After you’ve recruited a really good new team member, you need to ensure that they perform well and stay in your business. There are a few things that you should ensure are in place for every employee:
- – A clear job description and list of responsibilities
- – Performance measures
- – Measurable goals for the quarter and year
- – A Personal Development Plan (PDP)
- – Regular appraisals – Annual review
A Clear job description and list of responsibilities
Every employee needs to have a written job description and a list of things for which they’re responsible. I would also include in this, or provide separately, a list of expected attitudes and behaviours, such as an attitude of teamwork – cover for people when they’re absent, work in proactive cooperation, etc. It’s important that ‘obvious’ things like this are stated clearly in writing.
Performance measures
It’s often surprising how few employees know what they need to do, in measurable ways, to be doing a good job. Ask your team members “what do you think you’d have to be doing, consistently, for me to say you were performing really well?”. Or you could ask “What would you have to do for me to WANT to give you a per rise?”. If anyone hesitates on either answer, they don’t know and are therefore not focused on performing well. Be specific on all their responsibilities. How quickly do you want the phone answered, how early do you want them in the office, how should they speak to customers, and so on. Make it clear and encourage them to perform well.
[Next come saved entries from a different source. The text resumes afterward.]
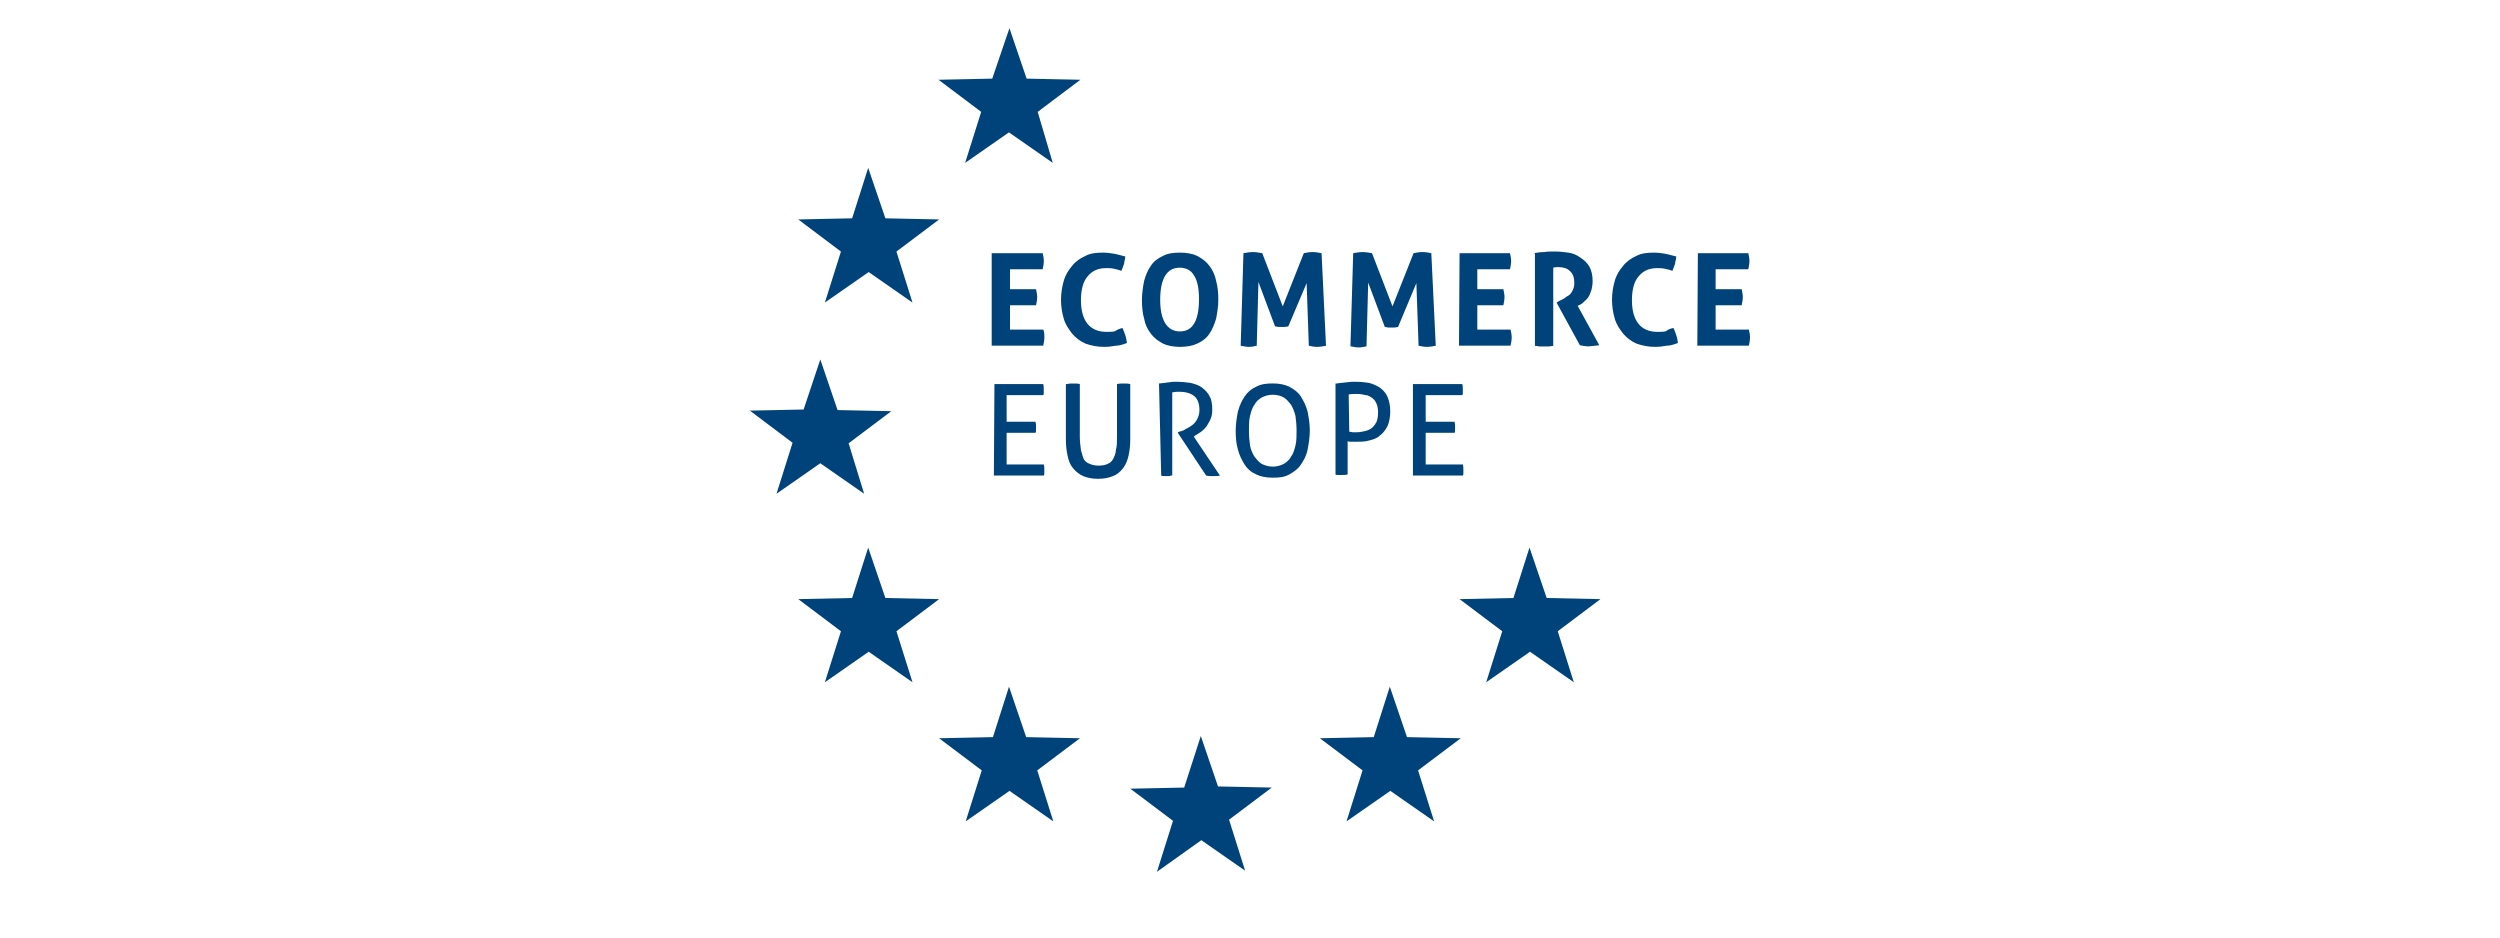 <?xml version="1.0" encoding="UTF-8"?>
<svg id="Logo" xmlns="http://www.w3.org/2000/svg" viewBox="0 0 400 150">
  <defs>
    <style>
      .cls-1 {
        fill: #00437a;
      }
    </style>
  </defs>
  <path class="cls-1" d="M158.76,40.51h8.07c.09.44.18.8.18,1.24s-.09.89-.18,1.33h-5.23v3.19h4.17c.09.44.18.89.18,1.24,0,.44-.09.89-.18,1.33h-4.17v3.9h5.32c.18.35.18.8.18,1.24s-.09.89-.18,1.33h-8.25v-14.81h.09ZM179.6,52.49c.18.44.35.8.44,1.15.18.44.18.8.27,1.24-.71.27-1.33.44-1.86.44-.53.09-1.06.18-1.77.18-1.06,0-2.04-.18-3.02-.53-.8-.35-1.51-.89-2.13-1.6-.53-.71-1.06-1.42-1.33-2.39-.27-.89-.44-1.95-.44-3.02s.18-2.13.44-3.02c.27-.98.8-1.77,1.33-2.39.53-.71,1.33-1.24,2.13-1.6.8-.44,1.77-.53,2.84-.53.62,0,1.24.09,1.77.18.53.09,1.06.27,1.77.44,0,.44-.18.8-.18,1.15-.18.44-.27.8-.44,1.15-.44-.18-.89-.27-1.24-.35-.35-.09-.8-.09-1.24-.09-1.24,0-2.22.44-2.93,1.33-.71.8-1.06,2.13-1.06,3.81,0,3.28,1.42,5.06,4.08,5.06.44,0,.89,0,1.33-.09.44-.27.8-.44,1.24-.53M188.82,55.5c-1.06,0-2.04-.18-2.75-.53-.8-.44-1.42-.89-1.95-1.6s-.89-1.42-1.06-2.39c-.27-.89-.35-1.95-.35-3.02s.18-2.13.35-3.02c.27-.98.62-1.77,1.06-2.39.44-.71,1.15-1.24,1.95-1.6.8-.44,1.77-.53,2.75-.53,1.06,0,2.04.18,2.75.53.8.44,1.42.89,1.95,1.6s.89,1.51,1.06,2.39c.27.98.35,1.95.35,3.02s-.18,2.13-.35,3.02c-.27.89-.62,1.77-1.06,2.39-.44.71-1.15,1.24-1.95,1.6-.71.35-1.69.53-2.75.53M188.82,53.02c2.04,0,3.02-1.77,3.02-5.14,0-1.77-.27-3.02-.8-3.81-.44-.8-1.24-1.24-2.31-1.24-2.04,0-3.1,1.77-3.1,5.14s1.15,5.06,3.19,5.06M198.94,40.51c.53-.09,1.06-.18,1.51-.18s1.06.09,1.51.18l3.28,8.51,3.37-8.51c.44-.09.89-.18,1.42-.18.44,0,.98.09,1.42.18l.71,14.81c-.44.09-.98.18-1.42.18s-.89-.09-1.33-.18l-.35-10.02-2.93,6.92c-.18,0-.35.09-.53.09h-1.06c-.09,0-.35-.09-.53-.09l-2.66-7.1-.27,10.2c-.44.09-.8.18-1.24.18s-.8-.09-1.33-.18l.44-14.81ZM216.5,40.51c.53-.09,1.06-.18,1.51-.18s1.06.09,1.51.18l3.28,8.51,3.37-8.51c.44-.09.89-.18,1.42-.18s.98.09,1.42.18l.71,14.81c-.44.09-.98.18-1.42.18s-.89-.09-1.33-.18l-.35-10.02-2.93,7.01c-.18,0-.35.09-.53.09h-1.06c-.09,0-.35-.09-.53-.09l-2.66-7.1-.27,10.2c-.44.09-.8.18-1.24.18s-.8-.09-1.33-.18l.44-14.9ZM233.53,40.51h8.07c.09.44.18.8.18,1.24s-.09.89-.18,1.33h-5.23v3.19h4.17c.09.44.18.89.18,1.24,0,.44-.09.89-.18,1.33h-4.17v3.9h5.32c.09.44.18.8.18,1.24s-.09.89-.18,1.33h-8.25l.09-14.81h0ZM245.41,40.51c.53-.09,1.06-.18,1.69-.18.44-.09,1.06-.09,1.69-.09.8,0,1.42.09,2.13.18s1.33.35,1.95.8c.53.35,1.06.8,1.42,1.42.35.62.53,1.42.53,2.31,0,.53-.09,1.06-.18,1.42-.18.44-.27.8-.44,1.06-.18.35-.44.53-.71.8-.18.18-.44.44-.71.53l-.35.18,3.46,6.3c-.27,0-.53.09-.8.09s-.62.09-.89.09c-.44,0-.98-.09-1.42-.18l-3.73-6.83.44-.27c.18-.09.44-.18.71-.35s.44-.35.8-.53c.27-.18.44-.44.62-.8s.27-.71.27-1.15c0-.8-.18-1.51-.71-1.95-.44-.44-1.06-.62-1.86-.62-.27,0-.53,0-.8.09v12.51c-.18,0-.44.09-.71.09h-1.42c-.27,0-.44-.09-.8-.09v-14.81h-.18ZM267.76,52.49c.18.44.35.8.44,1.15.18.44.18.8.27,1.24-.71.27-1.33.44-1.86.44-.53.09-1.06.18-1.77.18-1.06,0-2.04-.18-3.02-.53-.8-.35-1.51-.89-2.13-1.6-.53-.71-1.06-1.42-1.33-2.39-.27-.89-.44-1.95-.44-3.02s.18-2.13.44-3.02c.27-.98.8-1.77,1.33-2.39.53-.71,1.33-1.24,2.13-1.6.8-.44,1.77-.53,2.84-.53.62,0,1.24.09,1.77.18.53.09,1.06.27,1.77.44,0,.44-.18.8-.18,1.15-.18.44-.27.8-.44,1.15-.44-.18-.89-.27-1.24-.35s-.8-.09-1.24-.09c-1.24,0-2.22.44-2.93,1.33-.71.8-1.06,2.13-1.06,3.81,0,3.28,1.42,5.06,4.08,5.06.44,0,.89,0,1.33-.09.35-.27.71-.44,1.24-.53M271.66,40.51h8.07c.09.44.18.8.18,1.24s-.09.89-.18,1.33h-5.23v3.19h4.17c.09.44.18.89.18,1.24,0,.44-.09.89-.18,1.33h-4.17v3.9h5.32c.09.44.18.8.18,1.24s-.09.89-.18,1.33h-8.25l.09-14.81h0ZM159.11,61.45h7.8c.09.27.09.53.09.89v.44c0,.18,0,.35-.09.44h-5.85v4.26h4.61c0,.18.09.27.09.44v.89c0,.18,0,.35-.09.44h-4.61v5.06h5.94c.09.27.09.53.09.89v.44c0,.18,0,.35-.09.44h-7.98l.09-14.63h0ZM170.73,61.45c.35-.09.71-.09,1.06-.09s.71,0,.98.09v8.34c0,.8.09,1.6.18,2.22.18.62.27,1.06.44,1.42s.53.62.98.8.89.27,1.42.27,1.06-.09,1.42-.27c.44-.18.71-.44.89-.8s.44-.89.44-1.42c.18-.62.18-1.33.18-2.22v-8.34c.35-.09.71-.09,1.06-.09s.71,0,1.06.09v8.78c0,.98-.09,1.86-.27,2.66s-.44,1.42-.89,2.04c-.44.53-.89.98-1.6,1.24-.62.27-1.42.44-2.39.44s-1.77-.18-2.39-.44-1.15-.71-1.6-1.24-.71-1.15-.89-2.04c-.18-.8-.27-1.69-.27-2.66v-8.78h.18ZM185.45,61.36c.27,0,.53-.09.8-.09s.44-.09.71-.09c.18,0,.44-.09.71-.09h.8c.71,0,1.33.09,2.04.18.71.18,1.24.35,1.77.71.44.35.98.8,1.24,1.42.35.53.44,1.33.44,2.22,0,.53-.09,1.06-.27,1.42-.18.44-.44.8-.62,1.15-.27.35-.53.62-.89.89s-.71.44-.98.62l-.18.18,4.17,6.21c-.35.09-.8.09-1.15.09s-.71,0-1.06-.09l-4.52-6.83v-.09l.18-.09c.35-.09.8-.18,1.06-.44.44-.18.8-.44,1.06-.62.35-.27.62-.62.8-.98s.35-.8.35-1.42c0-.98-.27-1.77-.8-2.22-.53-.44-1.33-.71-2.31-.71h-.62c-.18,0-.44.09-.62.09v13.3c-.18,0-.27,0-.44.09h-.89c-.18,0-.35,0-.44-.09l-.35-14.72h0ZM203.64,76.43c-1.06,0-1.95-.18-2.66-.53-.8-.35-1.42-.89-1.86-1.6s-.8-1.42-1.06-2.39c-.27-.89-.35-1.95-.35-3.02s.18-2.13.35-3.02c.27-.98.62-1.77,1.06-2.39.44-.71,1.06-1.24,1.86-1.6.8-.44,1.69-.53,2.66-.53,1.06,0,1.95.18,2.66.53.8.44,1.42.89,1.86,1.6s.8,1.42,1.06,2.39c.18.98.35,1.95.35,3.02s-.18,2.13-.35,3.02c-.18.98-.62,1.77-1.06,2.39-.44.71-1.06,1.15-1.86,1.6s-1.6.53-2.66.53M203.64,74.66c.71,0,1.24-.18,1.77-.44.44-.27.89-.62,1.15-1.15.35-.44.53-1.06.71-1.77s.18-1.51.18-2.39-.09-1.77-.18-2.39c-.18-.71-.44-1.33-.71-1.77-.35-.44-.71-.89-1.15-1.15s-1.06-.44-1.77-.44-1.24.18-1.77.44c-.44.27-.89.62-1.15,1.15-.35.44-.53,1.06-.71,1.77s-.18,1.51-.18,2.39.09,1.77.18,2.39.44,1.33.71,1.77c.35.44.71.89,1.15,1.15.53.27,1.15.44,1.77.44M213.84,61.36c.18,0,.44-.09.71-.09s.53-.09.8-.09.62-.09.89-.09h.8c.8,0,1.42.09,2.04.18.62.18,1.24.44,1.77.8.44.35.89.8,1.15,1.42s.44,1.42.44,2.31c0,.98-.18,1.77-.44,2.39-.35.62-.71,1.15-1.24,1.51-.44.44-1.06.62-1.77.8-.62.18-1.33.18-2.04.18h-.71c-.27,0-.44,0-.62-.09v5.32c-.35.09-.62.09-1.06.09h-.44c-.18,0-.35,0-.44-.09v-14.55h.18ZM215.88,69.07c.18,0,.44.09.53.09h.71c.44,0,.8-.09,1.24-.18s.8-.27,1.06-.44.53-.53.8-.98c.18-.44.27-.89.27-1.6,0-.53-.09-1.06-.27-1.42-.18-.44-.44-.71-.71-.89s-.62-.44-1.06-.44c-.44-.09-.8-.18-1.33-.18s-.89,0-1.33.09l.09,5.94h0ZM226.16,61.45h7.8c.09.27.09.53.09.89v.44c0,.18,0,.35-.09.44h-5.85v4.26h4.61c0,.18.09.27.09.44v.89c0,.18,0,.35-.09.44h-4.61v5.06h5.94c.09.27.09.53.09.89v.44c0,.18,0,.35-.09.44h-7.98v-14.63h.09ZM131.26,57.54l2.75,8.07,8.6.18-6.83,5.14,2.48,8.07-7.01-4.88-7.01,4.88,2.57-8.16-6.83-5.14,8.6-.18,2.66-7.98ZM136.32,34.93l-8.6.18,6.83,5.14-2.57,8.16,7.01-4.88,7.01,4.88-2.57-8.16,6.83-5.14-8.6-.18-2.75-8.07-2.57,8.07ZM166.03,17.9l6.83-5.14-8.6-.18-2.75-8.07-2.75,8.07-8.6.18,6.83,5.14-2.57,8.16,7.01-4.88,7.01,4.88M158.85,117.94l-8.6.18,6.83,5.14-2.57,8.16,7.01-4.88,7.01,4.88-2.57-8.16,6.83-5.14-8.6-.18-2.75-8.07-2.57,8.07ZM219.78,117.94l-8.6.18,6.83,5.14-2.57,8.16,7.01-4.88,7.01,4.88-2.57-8.16,6.83-5.14-8.6-.18-2.75-8.07-2.57,8.07ZM136.32,95.68l-8.6.18,6.83,5.14-2.57,8.16,7.01-4.88,7.01,4.88-2.57-8.16,6.83-5.14-8.6-.18-2.75-8.07-2.57,8.07ZM242.13,95.68l-8.6.18,6.83,5.14-2.57,8.16,7.01-4.88,7.01,4.88-2.57-8.16,6.83-5.14-8.6-.18-2.75-8.07-2.57,8.07ZM189.45,126.01l-8.6.18,6.83,5.14-2.57,8.16,7.1-5.06,7.01,4.88-2.57-8.16,6.83-5.14-8.6-.18-2.75-8.07-2.66,8.25Z"/>
</svg>

Measurable goals for the quarter and year
Most jobs break down into things that have to be done on-going – like answering the phone perhaps – and things which are shorter term objectives – like “get ten new clients this month” or “reduce delivery errors to under 1% by year end”. Everyone should have about one to five specific objectives to work on in a quarter, in addition to their regular work. Set agreed goals with measures and dates to report progress and a completion date, then review completion afterwards. Everyone responds to this kind of clarity and it provides more job satisfaction than just doing the regular job.
A Personal Development Plan (PDP)
Make it clear right from the start that you expect every team member to me working on developing their own knowledge and skills all the time. Be clear it’s their responsibility, although you will support them. Personally I wouldn’t even consider giving an annual pay rise to someone who can’t demonstrate any significant personal growth from year to year. Remember that it’s actually really difficult for a company to grow much faster than it’s team’s knowledge and ability. A PDP is a written document that usually identifies areas of improvement for a team member, lists actions to be taken and target dates, and records what development actually takes place.
Regular appraisals
This is one of the greatest failures of managers – they don’t hold reliable regular appraisals with their team members. As a result everyone plods along doing ‘stuff’ but the company and the team progress in an uncoordinated way with unclear goals and the company profits suffer. Be sure to hold appraisals with each team member on a weekly basis. Initially it could take an hour each, but after a few months it should be possible to achieve everything necessary within 15-30 minutes and skipping a week every now and again is fine. The things to be discussed are all the list above: Attitude and behaviour, measurable performance, progress on goals, and personal development.
Annual review
Every team member deserves a personal review once a year to let them know how they’re doing – ideally versus the goals they were set a year before – and to set new goals for the coming year. Most companies do an annual review and annual pay review at the same time. I recommend splitting these so that the appraisal is all about performance and goal setting. If a salary review is combined – all they want to hear is “how much”. By all means hold an annual pay review a month or two after and link it to performance, but keep them separate.